Number of non-redundant proteins.
Identification of protein domains and new domain models
The identification of TFs and TRs and their classification into families exploits the presence of protein domains and their combination within proteins (4). To generate the current release of PlnTFDB, domains were identified using the Pfam protein families database v23.0 (21) and the software package HMMER v2.3.2 (http://hmmer.janelia.org/). Domain hits with a score higher than or equal to the gathering cut-off (–cut_ga) defined for each hidden Markov model (HMM) were kept for further analyses.
For some families, there is no domain represented in the Pfam database; in such cases we developed profile HMMs based on sequence alignments of the respective domains. For the current version of PlnTFDB, we established HMMs for the characteristic domains of the families NOZZLE and VARL. An HMM for the NOZZLE family is available in the Pfam database; however, this model only recovers members from the Brassicaceae family (e.g. Arabidopsis sp.). Hence we used the Arabidopsis thaliana sequences to perform a PSI-BLAST search against the non-redundant protein database at NCBI (http://www.ncbi.nlm.nih.gov/). This allowed us building a multiple sequence alignment and HMM of NOZZLE proteins from several angiosperms, i.e. A. thaliana, Brassica juncea, Medicago truncatula and Vitis vinifera.
The HMM for the VARL family was built by using the alignment reported in Duncan et al. (22), with sequences from Chlamydomonas reinhardtii and Volvox carteri. The alignments used to create the new HMMs are available through the database web interface.
After building these HMMs, a score threshold had to be defined, beyond which the hits are considered significant. To this end, we run an HMM search with the newly created models using a very permissive preliminary threshold (e-value ≤ 10). Subsequently, the known members of the family were localized within the list of hits, which allowed us identifying putative true positives (TPs) and putative true negatives (TNs), thus defining the score threshold as the average between the minimum score obtained by a TP and the maximum score obtained by a TN. This procedure is illustrated in Figure 1.

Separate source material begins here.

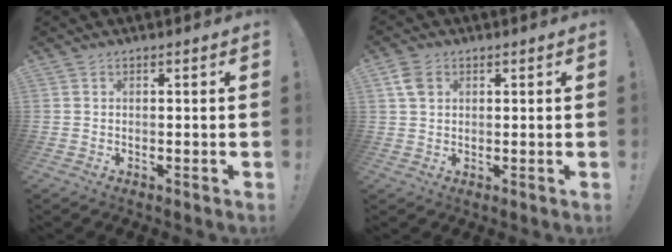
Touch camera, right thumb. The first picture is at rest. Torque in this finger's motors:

Selecting the significance score threshold in newly created profile HMMs. The graphic shows the scores obtained for proteins in the V. carteri proteome when searched with the VARL HMM with an e-value cut-off of 10. Known members of the family in this species (TPs) are highlighted in green. The putative TN with the highest score is indicated by a purple arrow. The TP with the minimum score is highlighted by a green arrow. The significance score threshold (black line) is computed as the average between the minimum score for TPs (green line) and the maximum score for TNs (purple line). For this family, the selected threshold is −4.25 bits.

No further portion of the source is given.